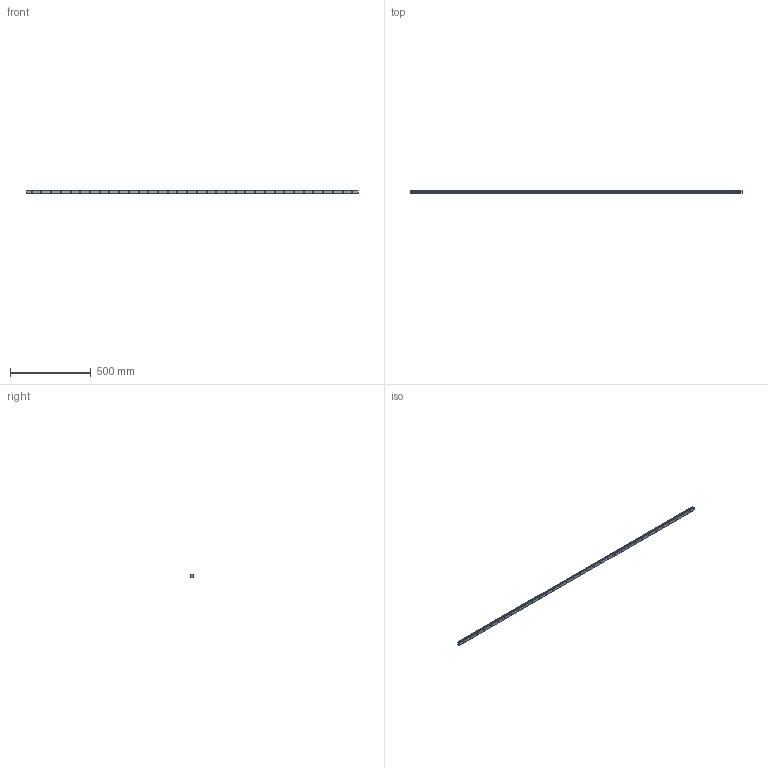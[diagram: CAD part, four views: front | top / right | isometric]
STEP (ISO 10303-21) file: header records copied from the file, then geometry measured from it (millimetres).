
FILE_DESCRIPTION (( 'STEP AP214' ), '1' );
FILE_NAME ('SSR20XTB1SS-2050L_G35_0_B-M6F_991-75_0_0_0.STEP', '2021-06-25T11:45:20', ( '' ), ( '' ), 'SwSTEP 2.0', 'SolidWorks 2021', '' );
FILE_SCHEMA (( 'AUTOMOTIVE_DESIGN' ));
Length unit declared in the file: millimetre
Products named in the file (2): SSR20XTB1SS-2050L_G35_0_B-M6F_991-75_0_0_0; _SSR20XTB205035 Track
Assembly tree (1 placements, depth 2):
  SSR20XTB1SS-2050L_G35_0_B-M6F_991-75_0_0_0
    _SSR20XTB205035 Track
Bounding box: 2050 x 15.5 x 20 mm (x, y, z)
Volume: 542943.2 mm3; surface area: 163829.7 mm2
Topology: 1 solids, 1 shells, 197 faces, 483 edges, 322 vertices
Faces by surface type: cylinder 143, plane 54
Entity records: 6165 total; most frequent: DIRECTION 1171, CARTESIAN_POINT 1006, ORIENTED_EDGE 966, AXIS2_PLACEMENT_3D 487, EDGE_CURVE 483, VERTEX_POINT 322, EDGE_LOOP 299, CIRCLE 286
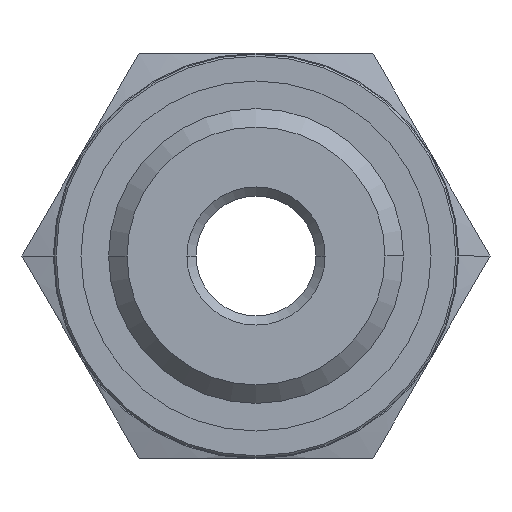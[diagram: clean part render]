
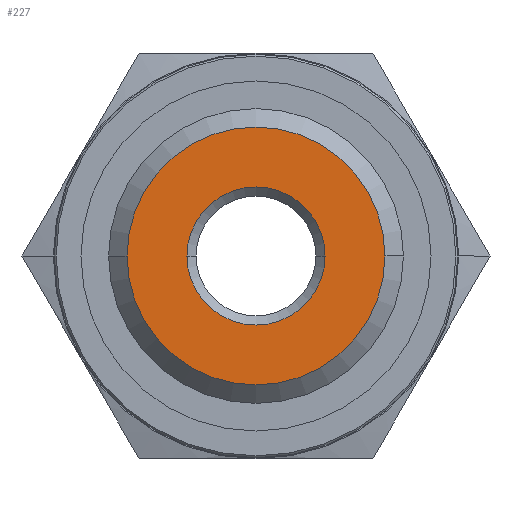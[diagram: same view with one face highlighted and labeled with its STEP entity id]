
A CAD part, left-side view. The second image highlights one B-rep face of the part: STEP entity #227.
In plain terms, the highlighted planar face has unit normal (-1, 0, 0).
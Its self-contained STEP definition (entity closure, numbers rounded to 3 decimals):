
#227 = ADVANCED_FACE( '', ( #523, #524 ), #525, .T. );
#523 = FACE_BOUND( '', #902, .T. );
#524 = FACE_OUTER_BOUND( '', #903, .T. );
#525 = PLANE( '', #904 );
#902 = EDGE_LOOP( '', ( #1853, #1854 ) );
#903 = EDGE_LOOP( '', ( #1855, #1856 ) );
#904 = AXIS2_PLACEMENT_3D( '', #1857, #1858, #1859 );
#1853 = ORIENTED_EDGE( '', *, *, #2662, .F. );
#1854 = ORIENTED_EDGE( '', *, *, #2496, .F. );
#1855 = ORIENTED_EDGE( '', *, *, #2455, .T. );
#1856 = ORIENTED_EDGE( '', *, *, #2679, .T. );
#1857 = CARTESIAN_POINT( '', ( -19., 5.375, 0. ) );
#1858 = DIRECTION( '', ( -1., 0., 0. ) );
#1859 = DIRECTION( '', ( 0., 1., 0. ) );
#2455 = EDGE_CURVE( '', #2883, #2887, #2889, .T. );
#2496 = EDGE_CURVE( '', #2962, #2960, #2964, .T. );
#2662 = EDGE_CURVE( '', #2960, #2962, #3232, .T. );
#2679 = EDGE_CURVE( '', #2887, #2883, #3249, .T. );
#2883 = VERTEX_POINT( '', #3565 );
#2887 = VERTEX_POINT( '', #3570 );
#2889 = CIRCLE( '', #3573, 7. );
#2960 = VERTEX_POINT( '', #3666 );
#2962 = VERTEX_POINT( '', #3669 );
#2964 = CIRCLE( '', #3672, 3.75 );
#3232 = CIRCLE( '', #4256, 3.75 );
#3249 = CIRCLE( '', #4273, 7. );
#3565 = CARTESIAN_POINT( '', ( -19., 7., 0. ) );
#3570 = CARTESIAN_POINT( '', ( -19., -7., 0. ) );
#3573 = AXIS2_PLACEMENT_3D( '', #4933, #4934, #4935 );
#3666 = CARTESIAN_POINT( '', ( -19., 3.75, 0. ) );
#3669 = CARTESIAN_POINT( '', ( -19., -3.75, 0. ) );
#3672 = AXIS2_PLACEMENT_3D( '', #5008, #5009, #5010 );
#4256 = AXIS2_PLACEMENT_3D( '', #5234, #5235, #5236 );
#4273 = AXIS2_PLACEMENT_3D( '', #5285, #5286, #5287 );
#4933 = CARTESIAN_POINT( '', ( -19., 0., 0. ) );
#4934 = DIRECTION( '', ( -1., 0., 0. ) );
#4935 = DIRECTION( '', ( 0., 1., 0. ) );
#5008 = CARTESIAN_POINT( '', ( -19., 0., 0. ) );
#5009 = DIRECTION( '', ( -1., 0., 0. ) );
#5010 = DIRECTION( '', ( 0., 1., 0. ) );
#5234 = CARTESIAN_POINT( '', ( -19., 0., 0. ) );
#5235 = DIRECTION( '', ( -1., 0., 0. ) );
#5236 = DIRECTION( '', ( 0., 1., 0. ) );
#5285 = CARTESIAN_POINT( '', ( -19., 0., 0. ) );
#5286 = DIRECTION( '', ( -1., 0., 0. ) );
#5287 = DIRECTION( '', ( 0., 1., 0. ) );

EXERCISE OBJECTIVE — Please output all of the entries above exactly, but without any picture.

RESPONSE TO THIS TASK —
[diagram: CAD part, four views: front | top / right | isometric]
STEP (ISO 10303-21) file: header records copied from the file, then geometry measured from it (millimetres).
FILE_DESCRIPTION (( 'STEP AP214' ), '1' );
FILE_NAME ('SSR20XTB1SS-2050L_G35_0_B-M6F_991-75_0_0_0.STEP', '2021-06-25T11:45:20', ( '' ), ( '' ), 'SwSTEP 2.0', 'SolidWorks 2021', '' );
FILE_SCHEMA (( 'AUTOMOTIVE_DESIGN' ));
Length unit declared in the file: millimetre
Products named in the file (2): SSR20XTB1SS-2050L_G35_0_B-M6F_991-75_0_0_0; _SSR20XTB205035 Track
Assembly tree (1 placements, depth 2):
  SSR20XTB1SS-2050L_G35_0_B-M6F_991-75_0_0_0
    _SSR20XTB205035 Track
Bounding box: 2050 x 15.5 x 20 mm (x, y, z)
Volume: 542943.2 mm3; surface area: 163829.7 mm2
Topology: 1 solids, 1 shells, 197 faces, 483 edges, 322 vertices
Faces by surface type: cylinder 143, plane 54
Entity records: 6165 total; most frequent: DIRECTION 1171, CARTESIAN_POINT 1006, ORIENTED_EDGE 966, AXIS2_PLACEMENT_3D 487, EDGE_CURVE 483, VERTEX_POINT 322, EDGE_LOOP 299, CIRCLE 286
[diagram: clean part render]
[diagram: same view with one face highlighted and labeled with its STEP entity id]
A CAD part, left-side view. The second image highlights one B-rep face of the part: STEP entity #227.
In plain terms, the highlighted planar face has unit normal (-1, 0, 0).
Its self-contained STEP definition (entity closure, numbers rounded to 3 decimals):
#227 = ADVANCED_FACE( '', ( #523, #524 ), #525, .T. );
#523 = FACE_BOUND( '', #902, .T. );
#524 = FACE_OUTER_BOUND( '', #903, .T. );
#525 = PLANE( '', #904 );
#902 = EDGE_LOOP( '', ( #1853, #1854 ) );
#903 = EDGE_LOOP( '', ( #1855, #1856 ) );
#904 = AXIS2_PLACEMENT_3D( '', #1857, #1858, #1859 );
#1853 = ORIENTED_EDGE( '', *, *, #2662, .F. );
#1854 = ORIENTED_EDGE( '', *, *, #2496, .F. );
#1855 = ORIENTED_EDGE( '', *, *, #2455, .T. );
#1856 = ORIENTED_EDGE( '', *, *, #2679, .T. );
#1857 = CARTESIAN_POINT( '', ( -19., 5.375, 0. ) );
#1858 = DIRECTION( '', ( -1., 0., 0. ) );
#1859 = DIRECTION( '', ( 0., 1., 0. ) );
#2455 = EDGE_CURVE( '', #2883, #2887, #2889, .T. );
#2496 = EDGE_CURVE( '', #2962, #2960, #2964, .T. );
#2662 = EDGE_CURVE( '', #2960, #2962, #3232, .T. );
#2679 = EDGE_CURVE( '', #2887, #2883, #3249, .T. );
#2883 = VERTEX_POINT( '', #3565 );
#2887 = VERTEX_POINT( '', #3570 );
#2889 = CIRCLE( '', #3573, 7. );
#2960 = VERTEX_POINT( '', #3666 );
#2962 = VERTEX_POINT( '', #3669 );
#2964 = CIRCLE( '', #3672, 3.75 );
#3232 = CIRCLE( '', #4256, 3.75 );
#3249 = CIRCLE( '', #4273, 7. );
#3565 = CARTESIAN_POINT( '', ( -19., 7., 0. ) );
#3570 = CARTESIAN_POINT( '', ( -19., -7., 0. ) );
#3573 = AXIS2_PLACEMENT_3D( '', #4933, #4934, #4935 );
#3666 = CARTESIAN_POINT( '', ( -19., 3.75, 0. ) );
#3669 = CARTESIAN_POINT( '', ( -19., -3.75, 0. ) );
#3672 = AXIS2_PLACEMENT_3D( '', #5008, #5009, #5010 );
#4256 = AXIS2_PLACEMENT_3D( '', #5234, #5235, #5236 );
#4273 = AXIS2_PLACEMENT_3D( '', #5285, #5286, #5287 );
#4933 = CARTESIAN_POINT( '', ( -19., 0., 0. ) );
#4934 = DIRECTION( '', ( -1., 0., 0. ) );
#4935 = DIRECTION( '', ( 0., 1., 0. ) );
#5008 = CARTESIAN_POINT( '', ( -19., 0., 0. ) );
#5009 = DIRECTION( '', ( -1., 0., 0. ) );
#5010 = DIRECTION( '', ( 0., 1., 0. ) );
#5234 = CARTESIAN_POINT( '', ( -19., 0., 0. ) );
#5235 = DIRECTION( '', ( -1., 0., 0. ) );
#5236 = DIRECTION( '', ( 0., 1., 0. ) );
#5285 = CARTESIAN_POINT( '', ( -19., 0., 0. ) );
#5286 = DIRECTION( '', ( -1., 0., 0. ) );
#5287 = DIRECTION( '', ( 0., 1., 0. ) );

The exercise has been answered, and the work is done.